Uniword uses a 4-layer model-driven architecture where all OOXML structures are represented as Ruby objects.

1. Architecture Diagram

+-------------------------------------------------------------+
|                      Uniword Gem                            |
|                   (Public API Layer)                        |
+-------------------------------------------------------------+
|                                                             |
|  +----------------+           +------------------+         |
|  |  Format Layer  |           |  Document Layer  |         |
|  |                |           |                  |         |
|  | - DOCX Handler |<----------| - Document Model |         |
|  |   (Read/Write) |           |   (lutaml-model) |         |
|  | - MHTML Handler|           | - Element Models |         |
|  |   (Read/Write) |           | - Style Models   |         |
|  +----------------+           +------------------+         |
|         |                              |                   |
|         v                              v                   |
|  +----------------+           +------------------+         |
|  | Serialization  |           |  Component Layer |         |
|  |     Layer      |           |                  |         |
|  |                |           | - Paragraphs     |         |
|  | - XML Parser/  |<----------| - Tables         |         |
|  |   Serializer   |           | - Images         |         |
|  |   (lutaml)     |           | - Lists          |         |
|  | - MIME Handler |           | - Styles         |         |
|  | - ZIP Handler  |           | - Runs           |         |
|  +----------------+           +------------------+         |
+-------------------------------------------------------------+

2. Format Layer

The Format Layer handles the physical file format. It contains two format handlers:

  • DOCX Handler — Reads and writes .docx files (Word 2007+). Manages the ZIP package, content types, and relationships.

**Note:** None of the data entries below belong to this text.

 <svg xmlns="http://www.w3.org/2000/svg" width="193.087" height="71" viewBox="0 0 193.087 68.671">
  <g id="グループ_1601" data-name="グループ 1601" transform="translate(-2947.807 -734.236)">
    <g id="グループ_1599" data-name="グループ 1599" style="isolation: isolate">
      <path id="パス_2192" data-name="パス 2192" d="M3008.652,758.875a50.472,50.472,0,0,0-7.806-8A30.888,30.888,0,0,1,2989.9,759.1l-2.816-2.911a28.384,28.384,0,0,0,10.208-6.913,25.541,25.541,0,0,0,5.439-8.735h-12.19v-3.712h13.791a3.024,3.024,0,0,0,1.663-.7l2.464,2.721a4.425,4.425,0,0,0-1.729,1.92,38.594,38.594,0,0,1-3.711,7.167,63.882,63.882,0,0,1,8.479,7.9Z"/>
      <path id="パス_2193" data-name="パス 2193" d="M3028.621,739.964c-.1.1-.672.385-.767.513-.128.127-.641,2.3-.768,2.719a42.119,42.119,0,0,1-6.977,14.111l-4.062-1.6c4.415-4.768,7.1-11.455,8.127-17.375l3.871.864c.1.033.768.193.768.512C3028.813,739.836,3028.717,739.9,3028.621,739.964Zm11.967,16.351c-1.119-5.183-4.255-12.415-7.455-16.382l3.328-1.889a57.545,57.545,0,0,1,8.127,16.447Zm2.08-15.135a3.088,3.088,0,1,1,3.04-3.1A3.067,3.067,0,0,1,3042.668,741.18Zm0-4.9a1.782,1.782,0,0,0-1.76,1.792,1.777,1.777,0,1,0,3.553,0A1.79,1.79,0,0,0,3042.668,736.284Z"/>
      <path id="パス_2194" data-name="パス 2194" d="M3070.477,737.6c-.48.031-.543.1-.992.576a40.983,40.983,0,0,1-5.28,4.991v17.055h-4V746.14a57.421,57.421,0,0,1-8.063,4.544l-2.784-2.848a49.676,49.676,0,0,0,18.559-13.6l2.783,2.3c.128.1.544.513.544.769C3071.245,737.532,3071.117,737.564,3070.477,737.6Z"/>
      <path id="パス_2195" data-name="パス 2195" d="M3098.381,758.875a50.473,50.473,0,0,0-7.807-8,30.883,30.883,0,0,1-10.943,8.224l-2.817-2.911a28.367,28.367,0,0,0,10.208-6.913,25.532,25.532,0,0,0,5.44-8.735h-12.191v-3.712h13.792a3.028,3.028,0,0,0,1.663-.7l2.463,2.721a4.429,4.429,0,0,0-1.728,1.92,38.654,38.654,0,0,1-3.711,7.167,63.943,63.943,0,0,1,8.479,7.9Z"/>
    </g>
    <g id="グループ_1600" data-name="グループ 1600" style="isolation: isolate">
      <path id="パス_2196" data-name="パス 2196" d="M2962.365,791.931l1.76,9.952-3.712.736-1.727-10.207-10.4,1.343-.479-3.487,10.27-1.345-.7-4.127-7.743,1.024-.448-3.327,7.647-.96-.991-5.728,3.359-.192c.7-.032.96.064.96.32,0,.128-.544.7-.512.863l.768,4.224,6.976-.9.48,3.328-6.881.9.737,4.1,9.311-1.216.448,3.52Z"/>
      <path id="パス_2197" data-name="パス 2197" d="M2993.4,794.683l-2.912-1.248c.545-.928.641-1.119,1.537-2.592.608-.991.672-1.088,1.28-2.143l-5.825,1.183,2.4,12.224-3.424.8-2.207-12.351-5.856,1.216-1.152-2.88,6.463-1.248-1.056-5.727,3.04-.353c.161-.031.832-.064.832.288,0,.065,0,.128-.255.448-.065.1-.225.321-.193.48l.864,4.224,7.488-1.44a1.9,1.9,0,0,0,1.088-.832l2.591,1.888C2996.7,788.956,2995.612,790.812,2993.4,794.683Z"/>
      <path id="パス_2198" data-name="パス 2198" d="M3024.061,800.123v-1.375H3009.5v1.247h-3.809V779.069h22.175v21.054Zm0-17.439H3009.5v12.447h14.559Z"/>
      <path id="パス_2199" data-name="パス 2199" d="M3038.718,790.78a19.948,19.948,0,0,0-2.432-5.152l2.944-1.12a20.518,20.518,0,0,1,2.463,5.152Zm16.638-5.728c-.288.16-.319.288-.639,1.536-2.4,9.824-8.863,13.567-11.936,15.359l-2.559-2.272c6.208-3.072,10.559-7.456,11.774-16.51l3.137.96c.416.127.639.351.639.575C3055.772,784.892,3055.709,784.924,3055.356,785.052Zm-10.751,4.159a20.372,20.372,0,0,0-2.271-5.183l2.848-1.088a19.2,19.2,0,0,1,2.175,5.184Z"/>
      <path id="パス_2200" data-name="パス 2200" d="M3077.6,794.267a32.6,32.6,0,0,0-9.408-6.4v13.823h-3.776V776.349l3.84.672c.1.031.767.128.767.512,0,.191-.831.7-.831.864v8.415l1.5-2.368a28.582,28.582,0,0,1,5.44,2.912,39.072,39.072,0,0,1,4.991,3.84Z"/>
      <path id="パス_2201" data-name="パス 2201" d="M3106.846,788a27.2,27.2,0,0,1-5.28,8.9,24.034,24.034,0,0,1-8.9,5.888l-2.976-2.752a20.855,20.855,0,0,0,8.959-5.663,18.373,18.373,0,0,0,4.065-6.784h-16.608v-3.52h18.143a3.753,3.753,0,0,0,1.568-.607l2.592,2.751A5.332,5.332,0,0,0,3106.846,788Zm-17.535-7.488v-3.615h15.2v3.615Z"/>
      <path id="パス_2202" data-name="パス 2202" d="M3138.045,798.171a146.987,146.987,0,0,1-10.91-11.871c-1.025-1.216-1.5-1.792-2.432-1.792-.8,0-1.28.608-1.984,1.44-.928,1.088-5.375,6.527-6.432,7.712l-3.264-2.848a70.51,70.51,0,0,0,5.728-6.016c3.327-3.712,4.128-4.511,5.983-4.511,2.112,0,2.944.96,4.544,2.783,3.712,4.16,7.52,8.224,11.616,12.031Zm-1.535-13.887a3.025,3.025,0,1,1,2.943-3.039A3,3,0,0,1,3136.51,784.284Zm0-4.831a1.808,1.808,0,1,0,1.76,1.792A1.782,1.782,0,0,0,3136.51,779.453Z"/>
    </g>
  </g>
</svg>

  • MHTML Handler — Reads and writes .mhtml files (Word 2003+). Handles MIME multipart encoding and CSS generation.

Format handlers delegate parsing and serialization to the Serialization Layer, and document structure to the Document Layer.

3. Document Layer

The Document Layer contains the core object model:

  • Document Model — The top-level Document class representing a complete Word document.

  • Element Models — 760 OOXML element classes generated from YAML schemas, covering all 22 namespaces.

  • Style Models — Classes for paragraph styles, character styles, table styles, and numbering definitions.

Every element in the Document Layer inherits from Lutaml::Model::Serializable and uses the lutaml-model DSL for XML mapping.

4. Serialization Layer

The Serialization Layer converts between in-memory objects and persisted formats:

  • XML Parser/Serializer — Powered by lutaml-model, handles all XML reading and writing.

  • MIME Handler — Encodes and decodes MHTML multipart documents.

  • ZIP Handler — Manages the DOCX ZIP package structure via rubyzip.

This layer is responsible for maintaining perfect round-trip fidelity.

5. Component Layer

The Component Layer provides high-level document building blocks:

  • Paragraphs — Text blocks with formatting

  • Tables — Grid structures with borders and cell merging

  • Images — Embedded pictures with positioning

  • Lists — Numbered, bulleted, and multi-level lists

  • Styles — Reusable formatting definitions

  • Runs — Text segments with inline formatting

6. Design Principles

The architecture follows strict object-oriented principles:

SOLID principles

Single responsibility, open/closed, Liskov substitution, interface segregation, and dependency inversion are applied throughout.

MECE (Mutually Exclusive, Collectively Exhaustive)

Clear separation of concerns with no overlap between layers. Each class has one well-defined responsibility.

Design patterns

Strategy (format handlers), Factory (document creation), Builder (fluent API), Visitor (document traversal), Registry (element discovery), and Adapter patterns are used where appropriate.

Model-Driven Architecture

Each OOXML part is a separate lutaml-model class. XML generation is never hardcoded — all structure is defined through model attributes and mappings.